Sunday, October 28, 2007

Line of Credit


Q:



Subject: Line Of Credit vers Proprietors Investment

 

Kerry

Money to pay the business bills that is obtained from an equity line of credit, should they be entered in to the books as proprietors investment ? Or as a line of credit ? Which is the most beneficial? Is there any difference?

 


A:



There is only one way to properly do this.  Running line of credit activity through the owner's equity account makes no sense whatsoever.

Each loan, whether it's a regular type or a line of credit, should have its own liability account set up in your QB.  The payments you make need to be split between the principal portion, which is posted to that loan's liability account, and the interest portion, which is posted to the Interest Expense account.  Use guesstimates of the breakdown when you make the payments and then correct them when you receive the bank's details on how they were applied.

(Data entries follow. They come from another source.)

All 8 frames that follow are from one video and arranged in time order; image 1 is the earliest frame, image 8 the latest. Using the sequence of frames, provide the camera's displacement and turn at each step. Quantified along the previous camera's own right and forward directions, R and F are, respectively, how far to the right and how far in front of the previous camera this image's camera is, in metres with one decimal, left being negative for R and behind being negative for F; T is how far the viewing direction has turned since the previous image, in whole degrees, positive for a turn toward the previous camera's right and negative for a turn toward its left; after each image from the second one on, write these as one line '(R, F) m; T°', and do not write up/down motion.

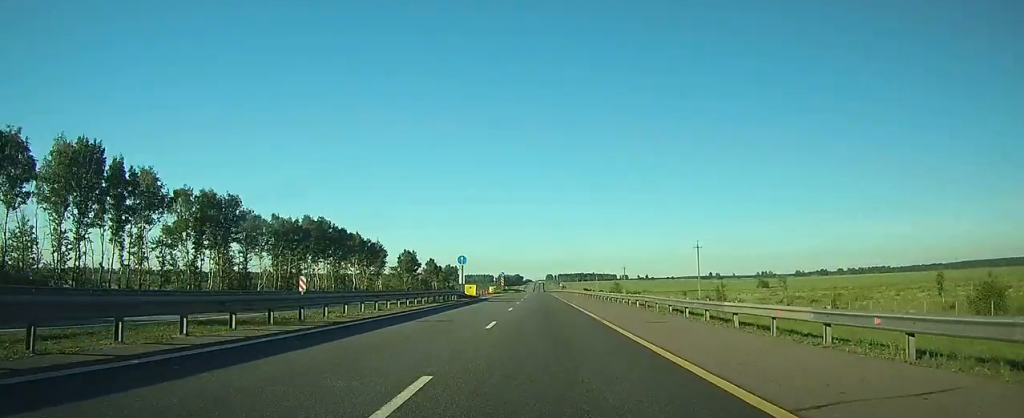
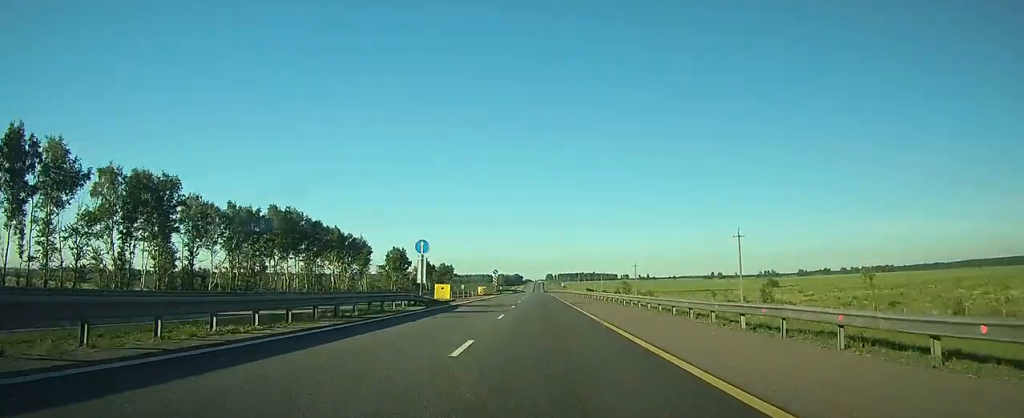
(0.0, +18.6) m; 0°
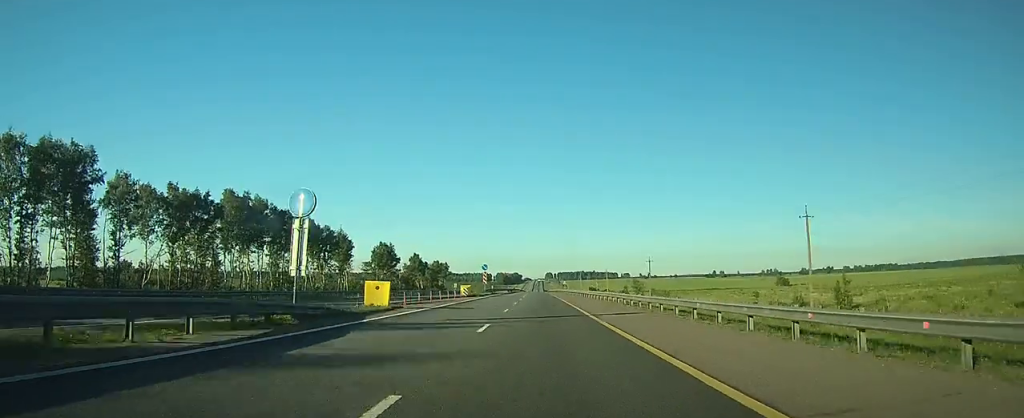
(0.0, +18.6) m; 0°
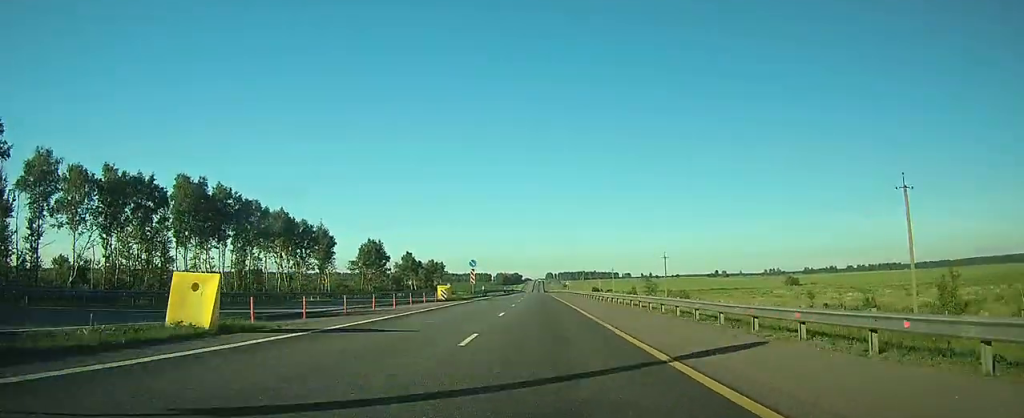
(0.0, +15.3) m; 0°
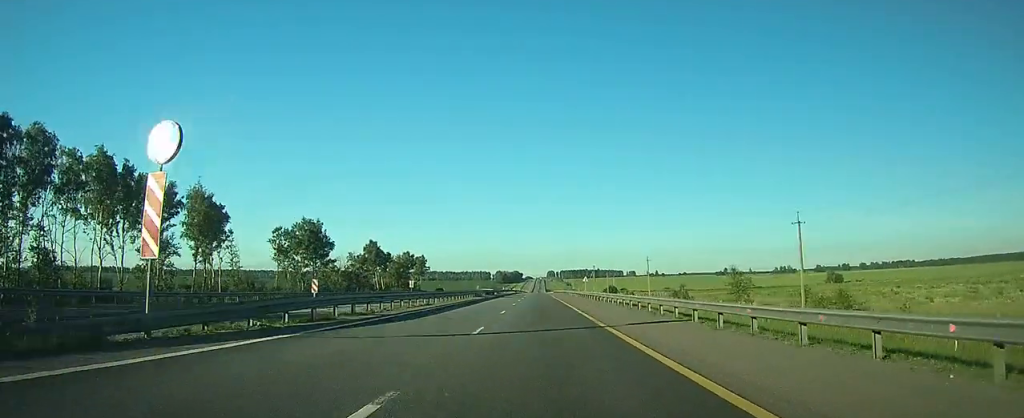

On a periodic basis, the loan balance should be reconciled to the statement from the bank by using the Reconcile feature that is built into QB.

The same thing applies to credit cards.  Each one should be set up with its own account in QB and each charge and payment should be posted into it.  Each monthly statement from the credit card company needs to be reconciled with your QB to make sure everything is properly picked up.

I have discussed this in the QuickBooks tips I have posted on my website.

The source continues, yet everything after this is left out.